The original tweet by Pushaw, which features a photo of a performer at a burlesque show posted alongside a tweet about DeSantis’ statement about drag shows, has not been taken down at the time of this article’s publication.
“I was targeted specifically for this moderation,” says Caraballo, “and it felt highly political.”
Caraballo, whose Twitter handle is @Esqueer_, says she was targeted because she publicly identifies as trans, and because the intention of her post was to stop what she calls an “anti-LGBTQ+ smear.”
“Keeping people safe on Twitter, and enforcing against content that could result in offline harm, continue to be top priorities for our teams,” a spokesperson for Twitter told ABC News.

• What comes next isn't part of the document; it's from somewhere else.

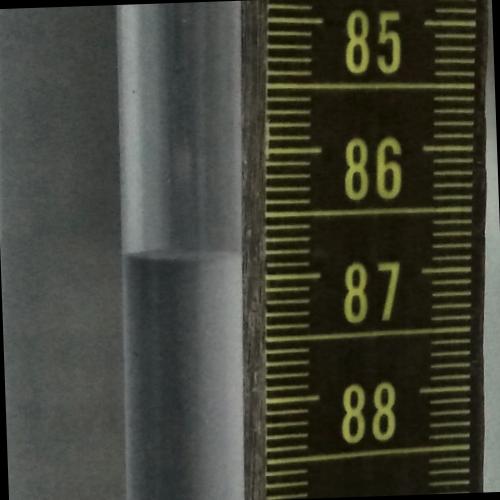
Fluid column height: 86.8 cm
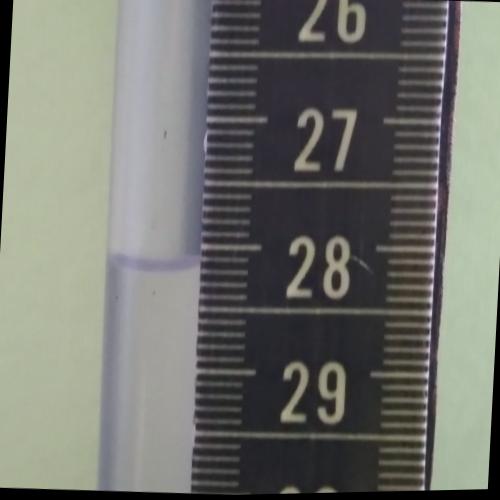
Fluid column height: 28.2 cm

“We are committed to combating abuse motivated by hatred, prejudice or intolerance, particularly abuse that seeks to silence the voices of those who have been historically marginalized.”
Twitter declined to comment on Alejandra Caraballo’s case.
Linda Charmaraman, who is the director of Wellesley College’s Youth, Media & Wellbeing Research Lab, recently completed a research study that found LGBTQ+ youth were more likely to have smaller social networks online and to share less personal information.
Although Charmaraman’s research did not find that LGBTQ+ youth experienced different levels of harassment online, Charmaraman attributes the findings to “the history of sexual minorities facing a lot of different kinds of harassment in school and out of school,” she says.
The upside, she adds, is that these youth are “more likely to join online groups that make them feel less lonely, so they can actually seek to find places where they belong online.”